Would you please restate all of the entries exactly, apart from the pictures?

☆ ☆ ☆ ☆ ☆

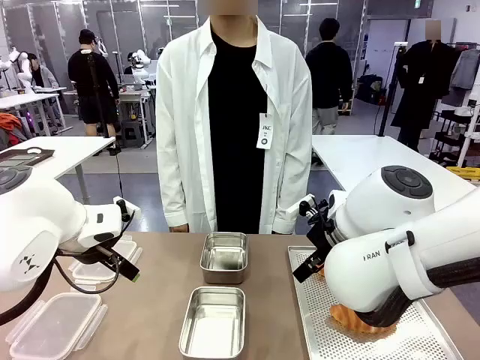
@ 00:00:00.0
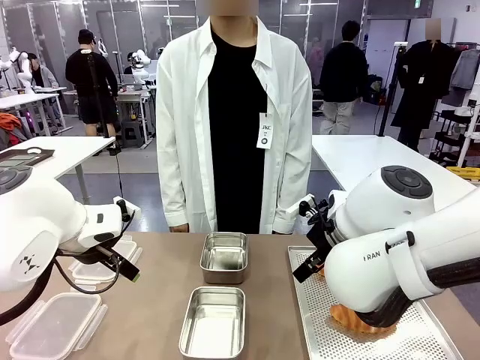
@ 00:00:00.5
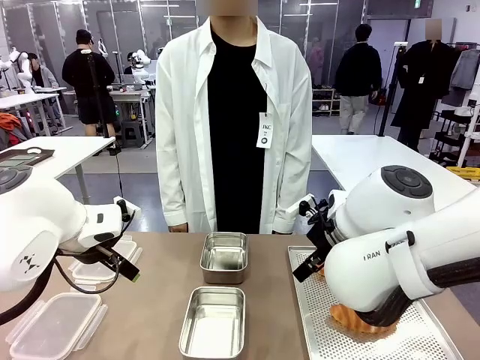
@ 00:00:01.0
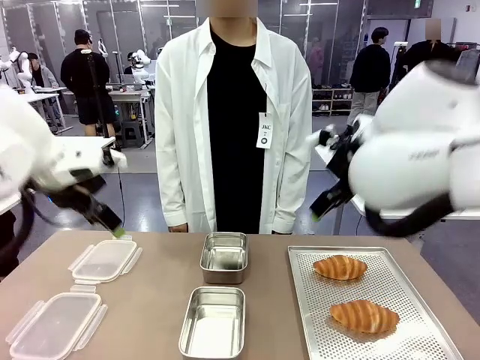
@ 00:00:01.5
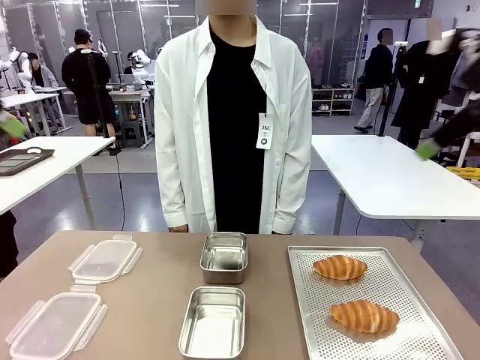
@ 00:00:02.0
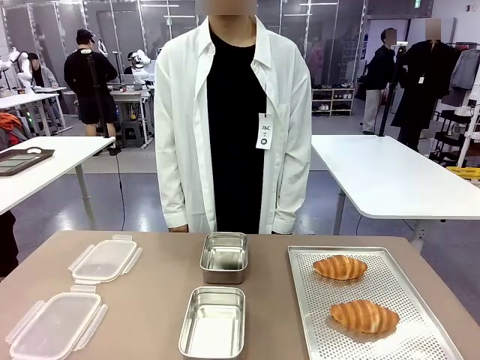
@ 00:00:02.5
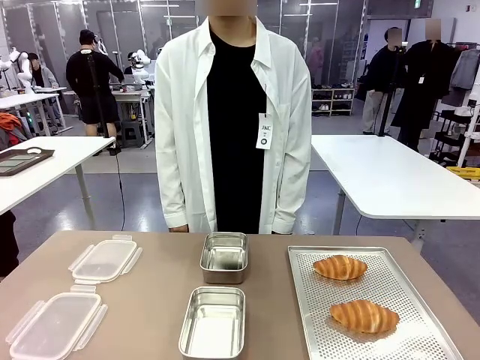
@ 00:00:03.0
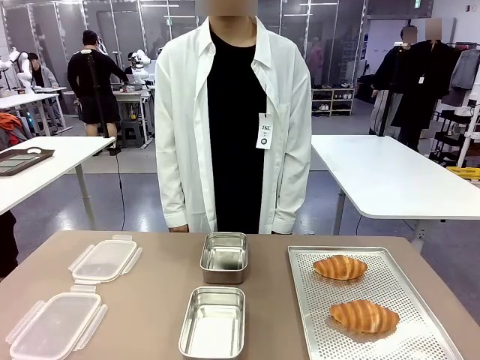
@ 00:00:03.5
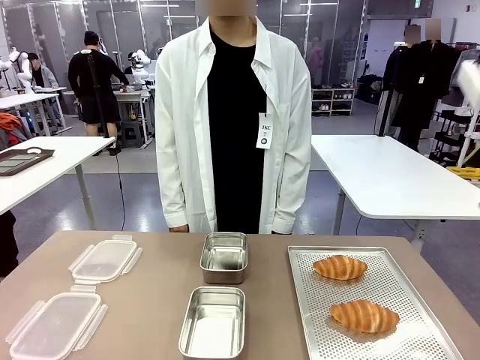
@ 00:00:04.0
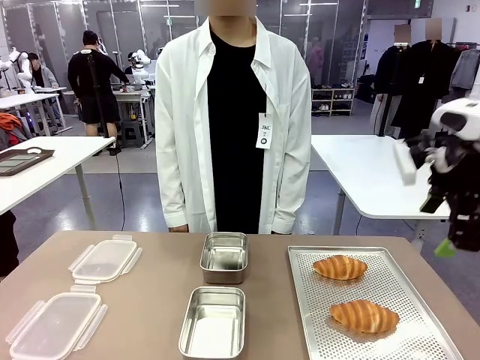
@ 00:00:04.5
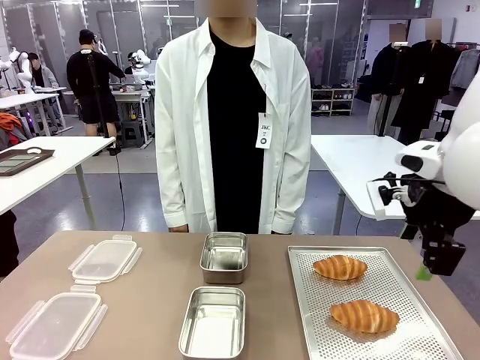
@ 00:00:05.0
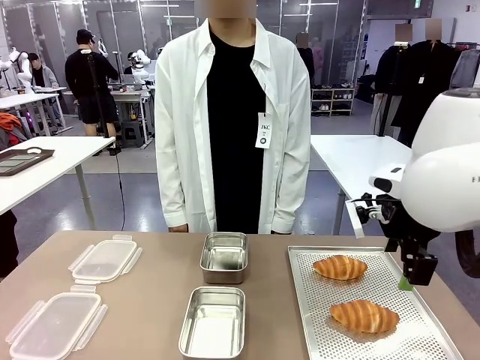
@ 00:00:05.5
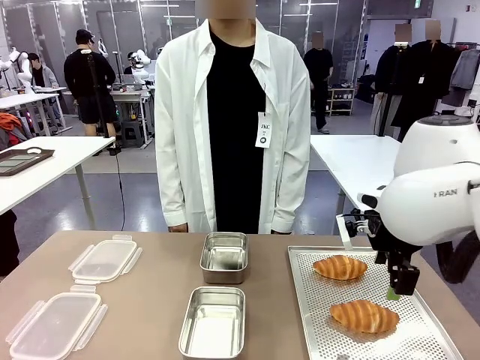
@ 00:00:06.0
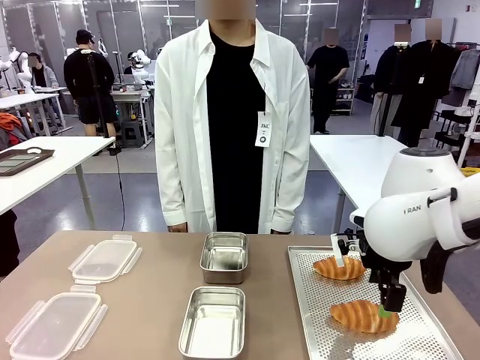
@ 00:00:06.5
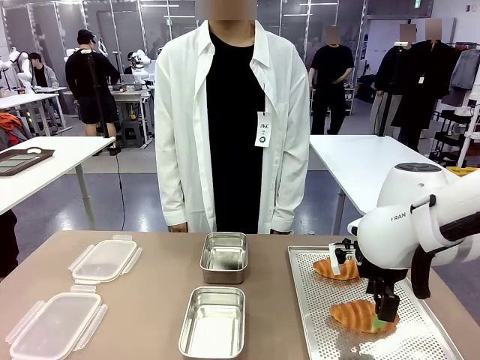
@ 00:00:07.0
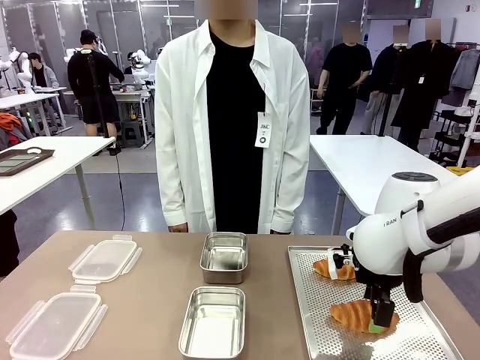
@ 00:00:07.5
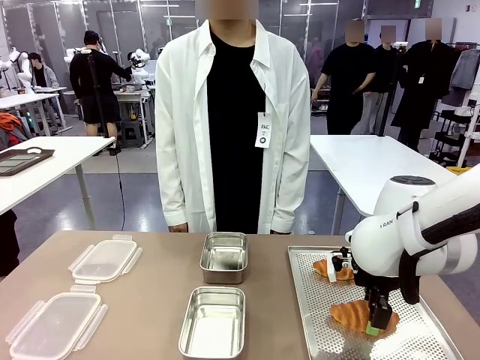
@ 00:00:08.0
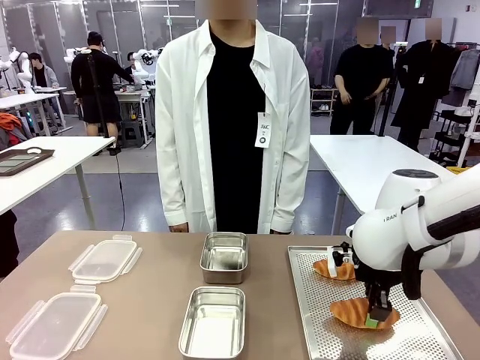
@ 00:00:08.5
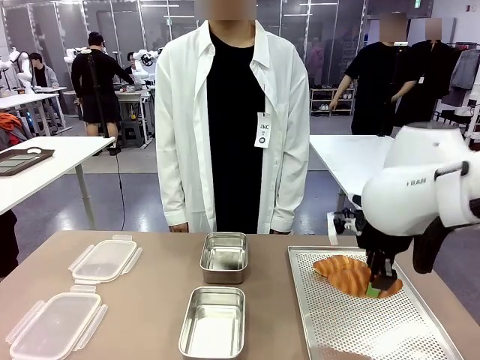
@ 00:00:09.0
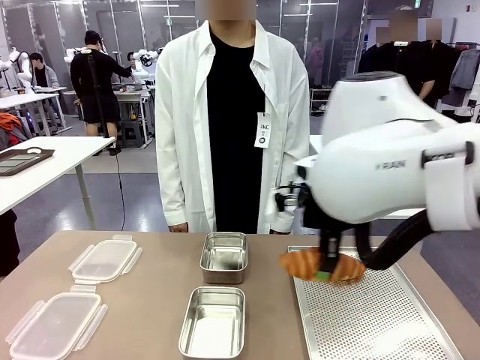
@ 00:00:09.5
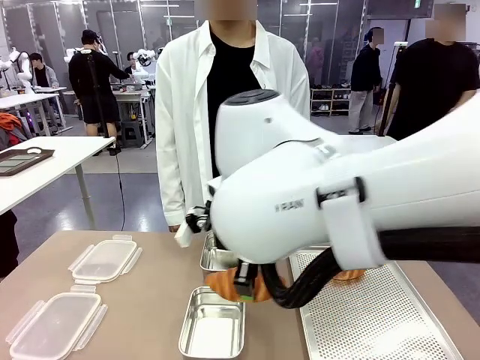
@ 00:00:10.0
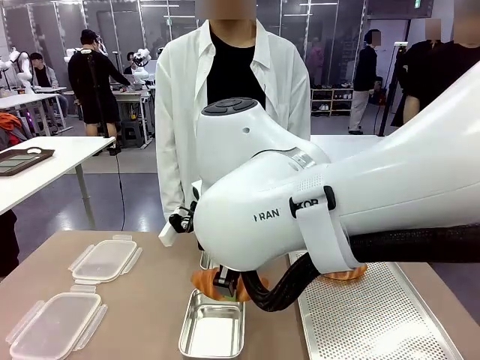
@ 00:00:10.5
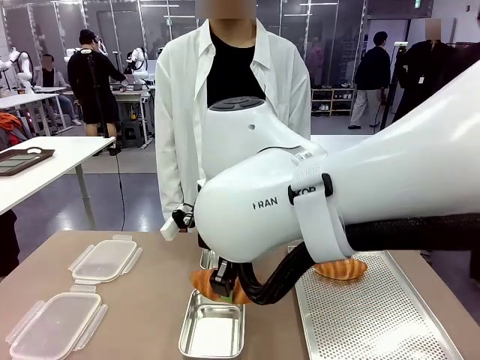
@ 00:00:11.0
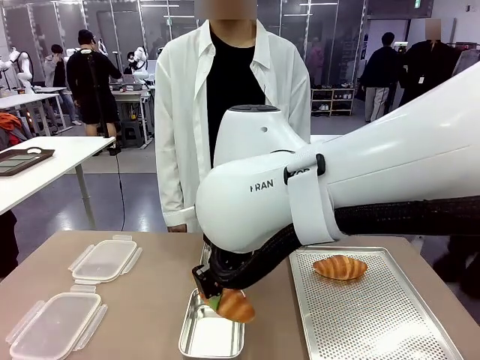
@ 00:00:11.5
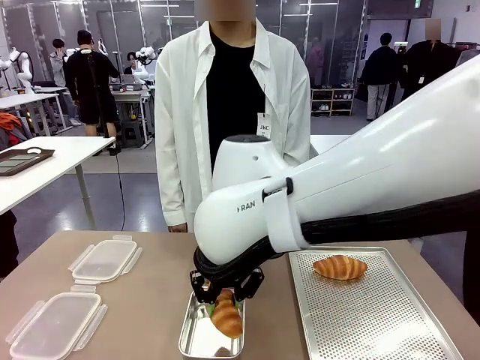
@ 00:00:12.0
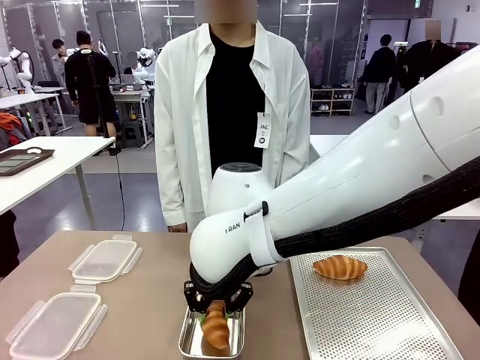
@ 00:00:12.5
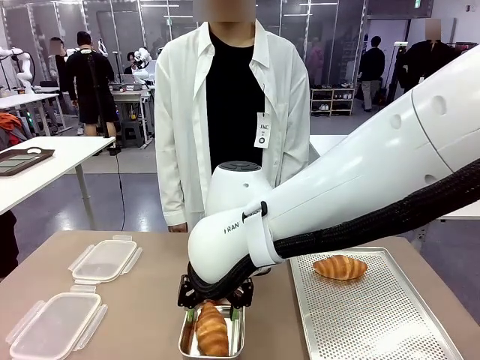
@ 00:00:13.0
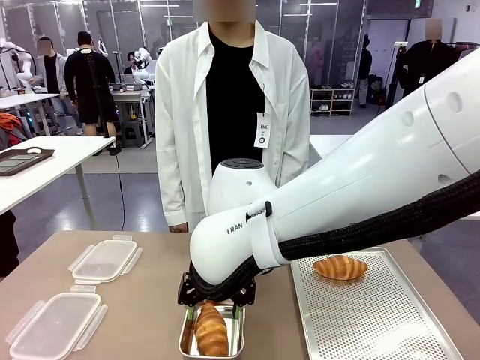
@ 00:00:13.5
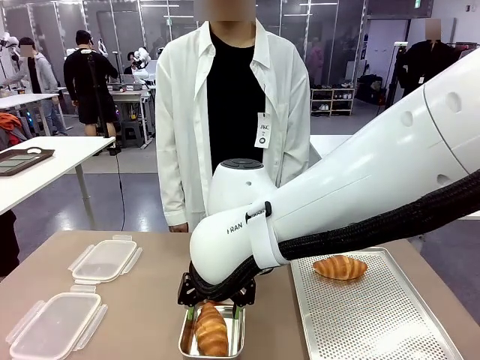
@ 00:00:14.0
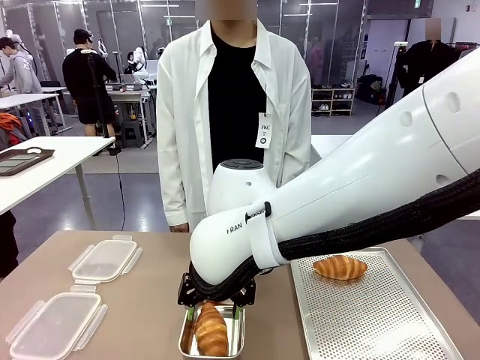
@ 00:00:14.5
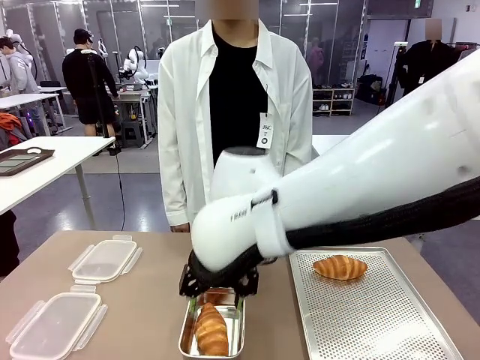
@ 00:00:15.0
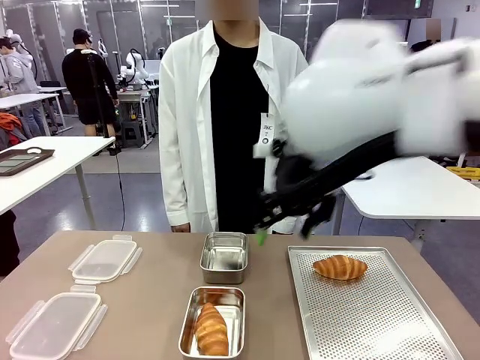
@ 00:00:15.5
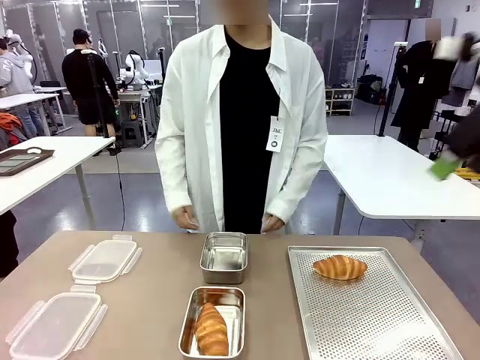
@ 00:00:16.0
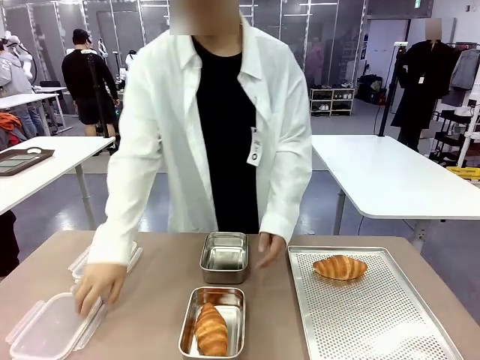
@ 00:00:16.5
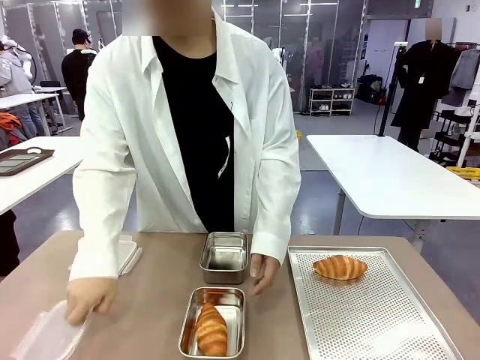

☆ ☆ ☆ ☆ ☆

**RESULT**
@ 00:00:00.0
@ 00:00:00.5
@ 00:00:01.0
@ 00:00:01.5
@ 00:00:02.0
@ 00:00:02.5
@ 00:00:03.0
@ 00:00:03.5
@ 00:00:04.0
@ 00:00:04.5
@ 00:00:05.0
@ 00:00:05.5
@ 00:00:06.0
@ 00:00:06.5
@ 00:00:07.0
@ 00:00:07.5
@ 00:00:08.0
@ 00:00:08.5
@ 00:00:09.0
@ 00:00:09.5
@ 00:00:10.0
@ 00:00:10.5
@ 00:00:11.0
@ 00:00:11.5
@ 00:00:12.0
@ 00:00:12.5
@ 00:00:13.0
@ 00:00:13.5
@ 00:00:14.0
@ 00:00:14.5
@ 00:00:15.0
@ 00:00:15.5
@ 00:00:16.0
@ 00:00:16.5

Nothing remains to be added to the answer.